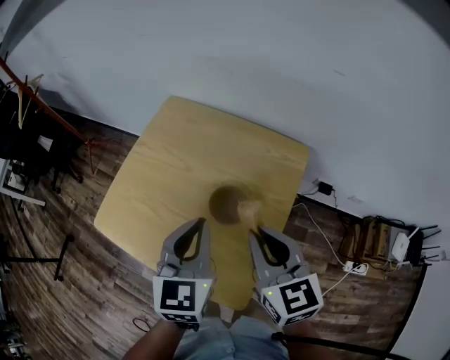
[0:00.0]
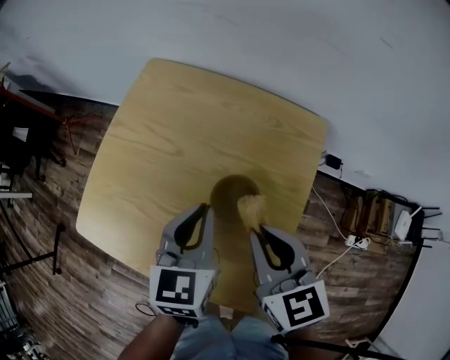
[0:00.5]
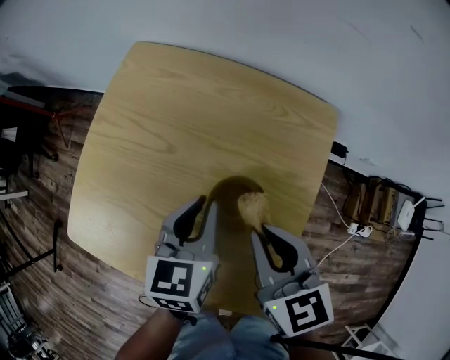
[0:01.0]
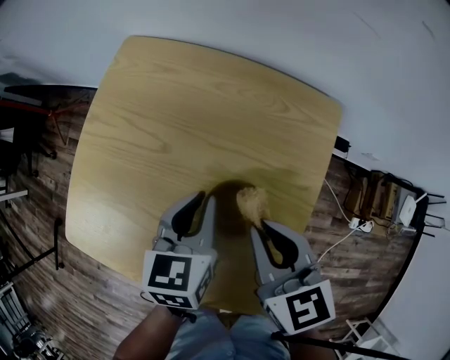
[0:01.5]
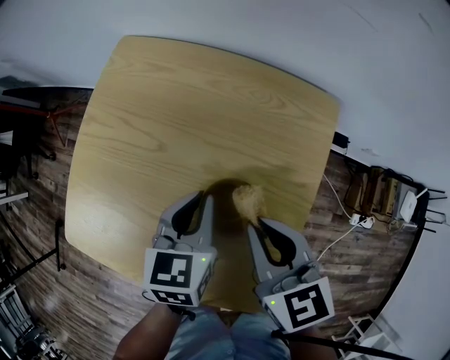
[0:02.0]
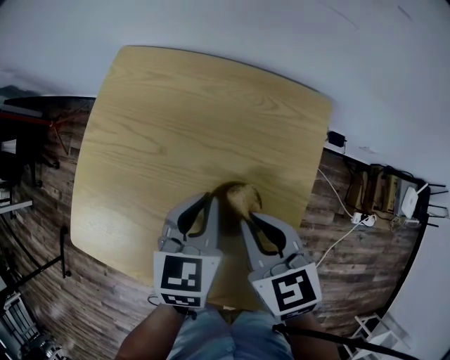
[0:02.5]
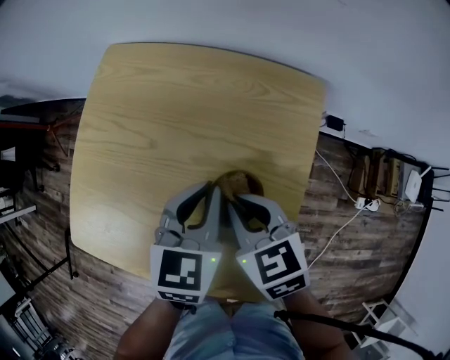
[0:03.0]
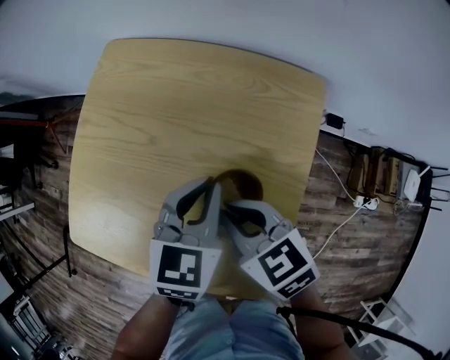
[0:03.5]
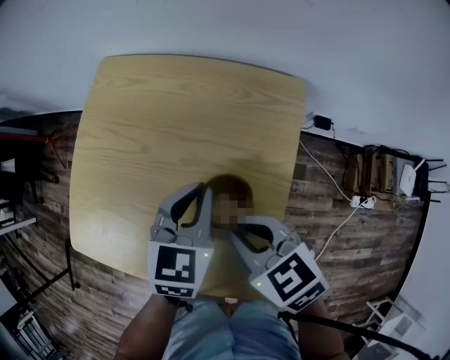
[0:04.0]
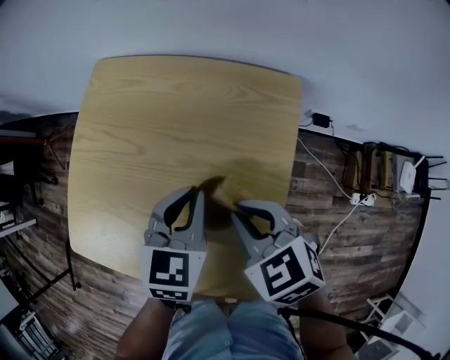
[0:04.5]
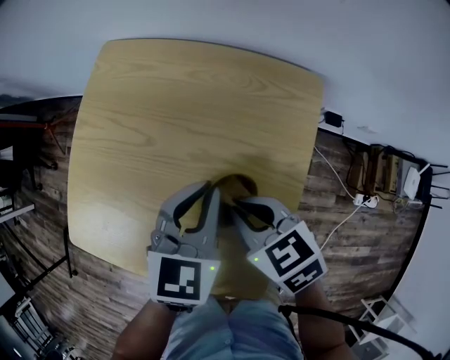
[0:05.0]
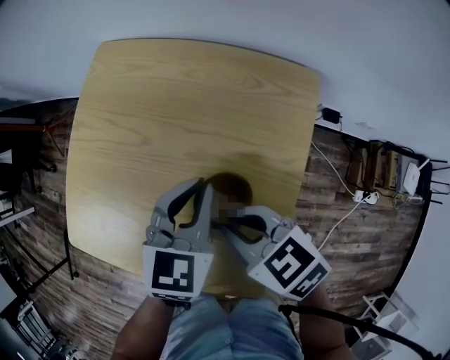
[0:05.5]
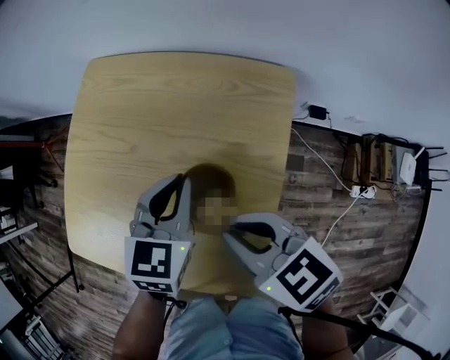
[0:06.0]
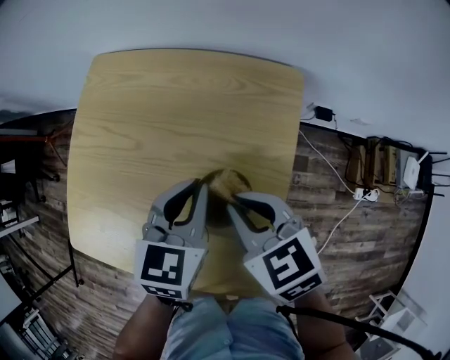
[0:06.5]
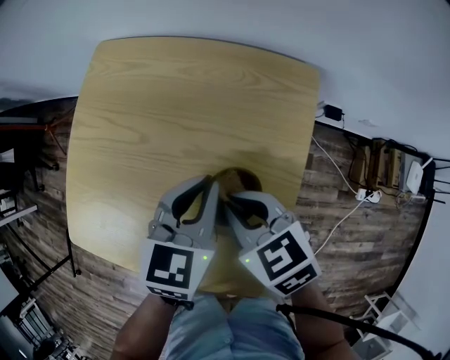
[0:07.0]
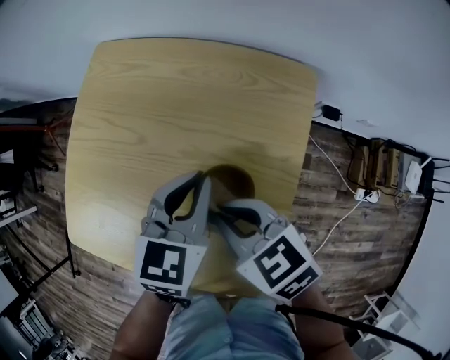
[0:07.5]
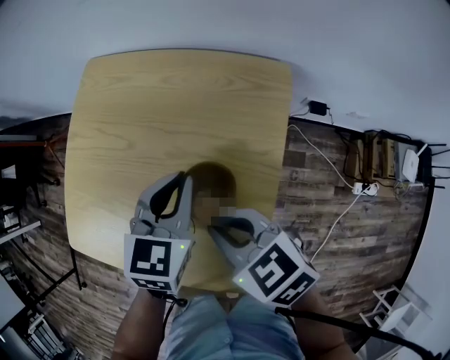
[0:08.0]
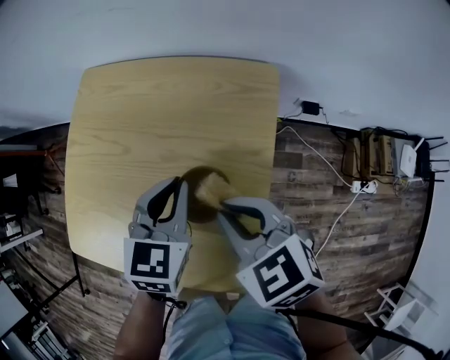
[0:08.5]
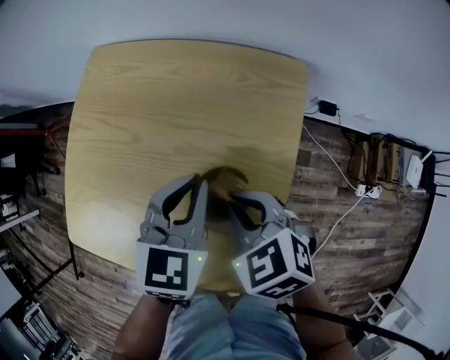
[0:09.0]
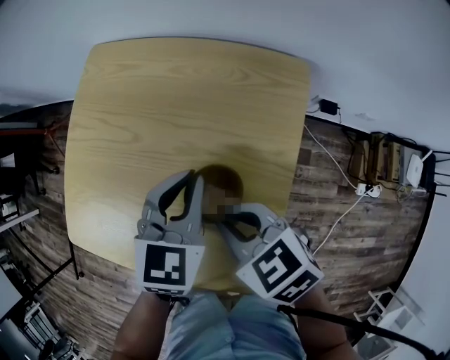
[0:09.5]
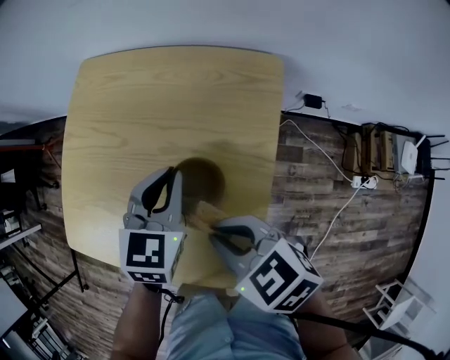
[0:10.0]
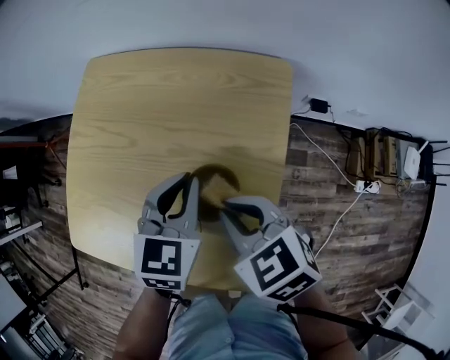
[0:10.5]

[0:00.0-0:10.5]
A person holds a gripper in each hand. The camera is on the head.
0:00.0 to 0:02.0: Both grippers move downward and forward, about 15 cm. The left gripper changes its angle by roughly 20 degrees.
0:02.0 to 0:04.0: The left gripper ends up approximately 5 cm from where it was, and changes its angle by some 20 degrees. The right gripper goes some 5 cm backward, and rotates approximately 20 degrees.
0:04.0 to 0:08.5: The grippers make only small movements.

About this task - A verbatim copy of the records is expected, from their first line through the line with "[0:00.0-0:10.5]", inclusive, with the pictures removed.

Result of this exercise -
[0:00.0]
[0:00.5]
[0:01.0]
[0:01.5]
[0:02.0]
[0:02.5]
[0:03.0]
[0:03.5]
[0:04.0]
[0:04.5]
[0:05.0]
[0:05.5]
[0:06.0]
[0:06.5]
[0:07.0]
[0:07.5]
[0:08.0]
[0:08.5]
[0:09.0]
[0:09.5]
[0:10.0]
[0:10.5]

[0:00.0-0:10.5]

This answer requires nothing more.